The following reference frames are provided for a sudden decrease or increase:

  • Last window: compares data in the current time period with that in the previous time period.
  • Window of the same time period of the previous day: compares data in the current time period with that in the same time period of the previous day.
  • Window of the same time period of the previous week: compares data in the current time period with that in the same time period of the previous week.

This section takes the first reference frame as an example to calculate the change ratio of inbound traffic. You can also calculate other metrics of the traffic such as queries per second (QPS).

3.1 Define a calculation window

Define a window of 1 minute to calculate the inbound traffic size of this minute. The following figure shows the statistic result within a 5-minute interval.

* | select sum(inflow)/(max(__time__)-min(__time__)) as inflow , __time__-__time__%60  as window_time from log group by window_time order by window_time limit 15

As shown in the result, the average inbound traffic size specified by sum(inflow)/(max(__time__)-min(__time__)) in every window is even.

3.2 Calculate the difference in the window (max_ratio)

Subqueries are involved. Run a query statement to calculate the change ratio between the maximum value or the minimum value and the average value from the preceding result. In this example, the change ratio between the maximum value and the average value is calculated, for example, 1.02. You can set the alert rule as max_ratio > 1.5, indicating that an alert will be sent when the ratio of change exceeds 50%.

 * | select max(inflow)/avg(inflow) as max_ratio from (select sum(inflow)/(max(__time__)-min(__time__)) as inflow , __time__-__time__%60  as window_time from log group by window_time order by window_time limit 15) 

3.3 Calculate the difference in the window (latest_ratio)

In some scenarios, more attention is paid to the fluctuation of the latest value (whether the value is recovered). You can use the max_by function to get the inbound traffic size of the latest window (specified by windows_time). Then, you can calculate the change ratio between the latest value and the average value, for example, 0.97.
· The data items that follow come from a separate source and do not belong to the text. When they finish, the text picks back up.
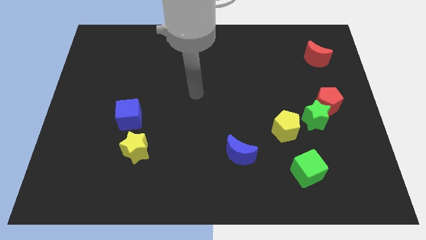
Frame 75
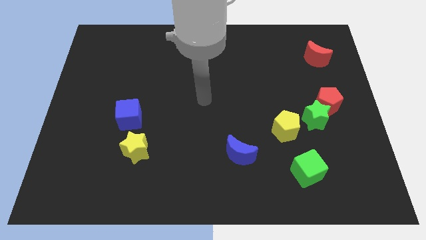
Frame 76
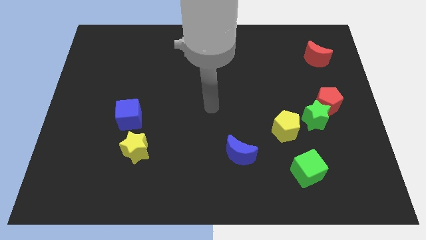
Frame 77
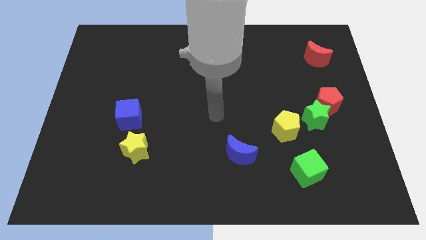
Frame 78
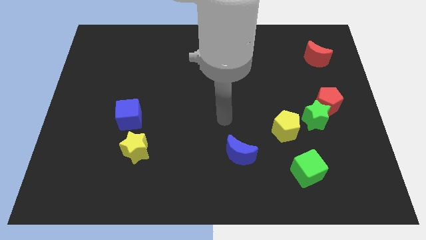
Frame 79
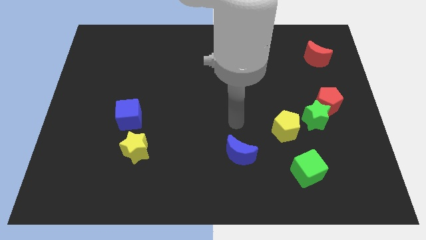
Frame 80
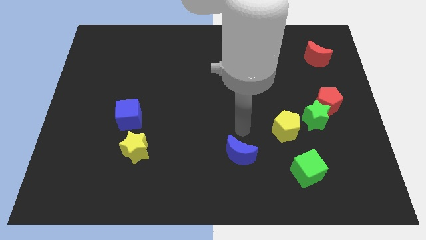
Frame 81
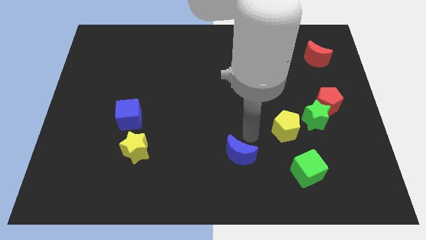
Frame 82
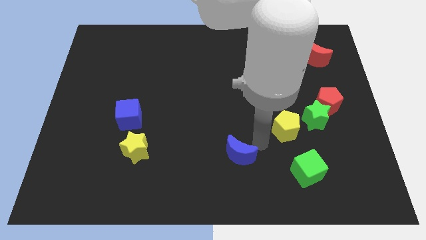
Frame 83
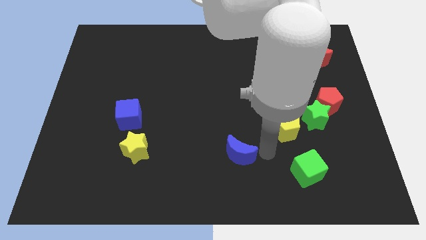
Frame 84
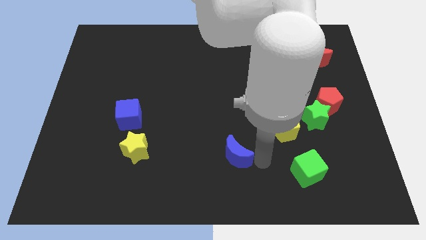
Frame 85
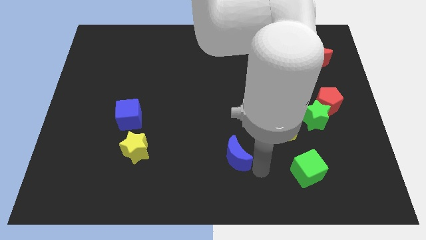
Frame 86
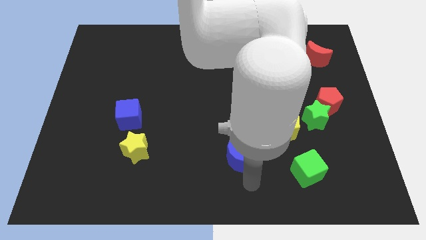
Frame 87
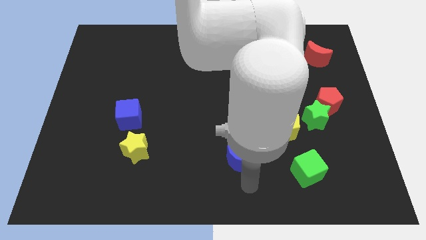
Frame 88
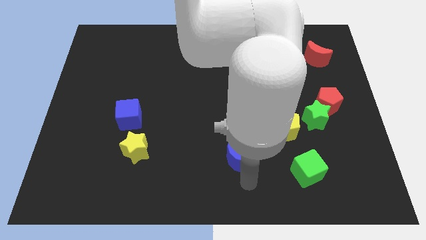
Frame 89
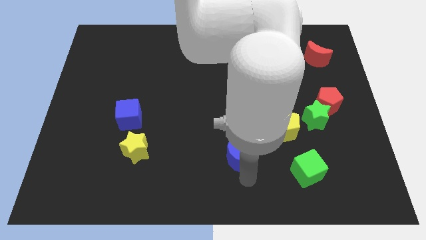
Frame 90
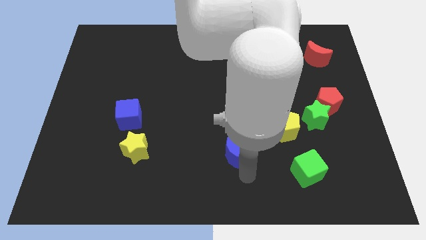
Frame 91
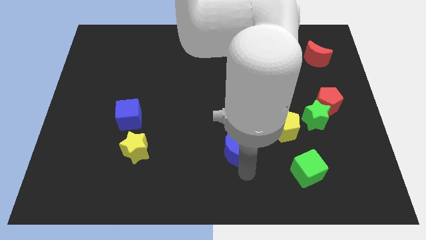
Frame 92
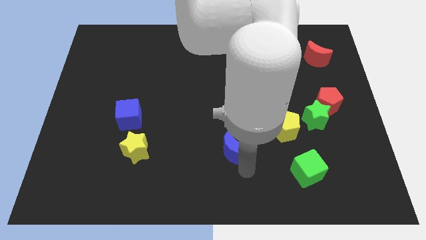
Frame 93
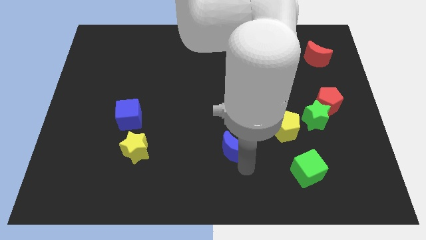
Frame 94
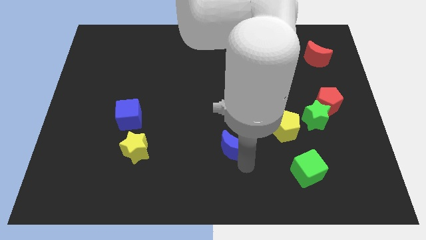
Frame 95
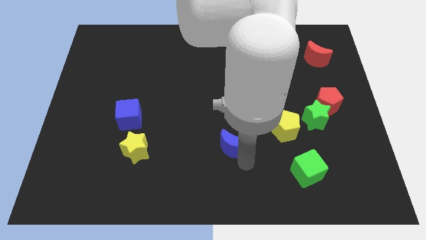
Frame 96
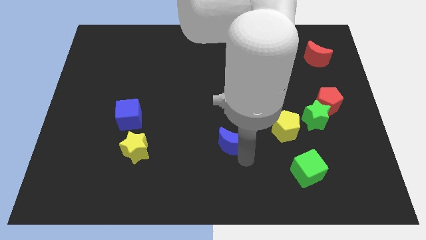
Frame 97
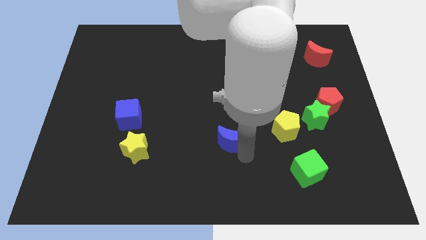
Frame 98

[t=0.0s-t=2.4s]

 * | select max_by(inflow, window_time)/1.0/avg(inflow) as lastest_ratio from (select sum(inflow)/(max(__time__)-min(__time__)) as inflow , __time__-__time__%60  as window_time from log group by window_time order by window_time limit 15) 
Note The calculation result of the max_by function is of the character type, which must be converted to the numeric type. To calculate the relative ratio of changes, you can replace it with 1.0-max_by(inflow, window_time)/1.0/avg(inflow)) as lastest_ratio.

3.4 Calculate the difference in the window which indicates the fluctuation ratio, namely, the change ratio between the current value and the previous value

Another method for calculating the fluctuation ratio is the first derivative in mathematics, namely, the change ratio between the value of the current window and the value of the previous window.

Use the window function (lag) for calculation. Extract the current inbound traffic and the inbound traffic of the previous window to calculate the difference by using lag(inflow, 1, inflow)over() and divide the calculated difference value by the current value to get the change ratio.

 * | select (inflow- lag(inflow, 1, inflow)over() )*1.0/inflow as diff, from_unixtime(window_time) from (select sum(inflow)/(max(__time__)-min(__time__)) as inflow , __time__-__time__%60  as window_time from log group by window_time order by window_time limit 15) 

In this example, a relatively major decrease occurs in traffic at 11:39, with a change ratio of over 40%.

To define an absolute change ratio, you can use the abs function (absolute value) to unify the calculation result.

Summary

The query and analysis features of Log Service follow the SQL-92 standard and support various mathematical statistics and computing methods. Anyone who can use SQL can perform fast analysis. Have a try!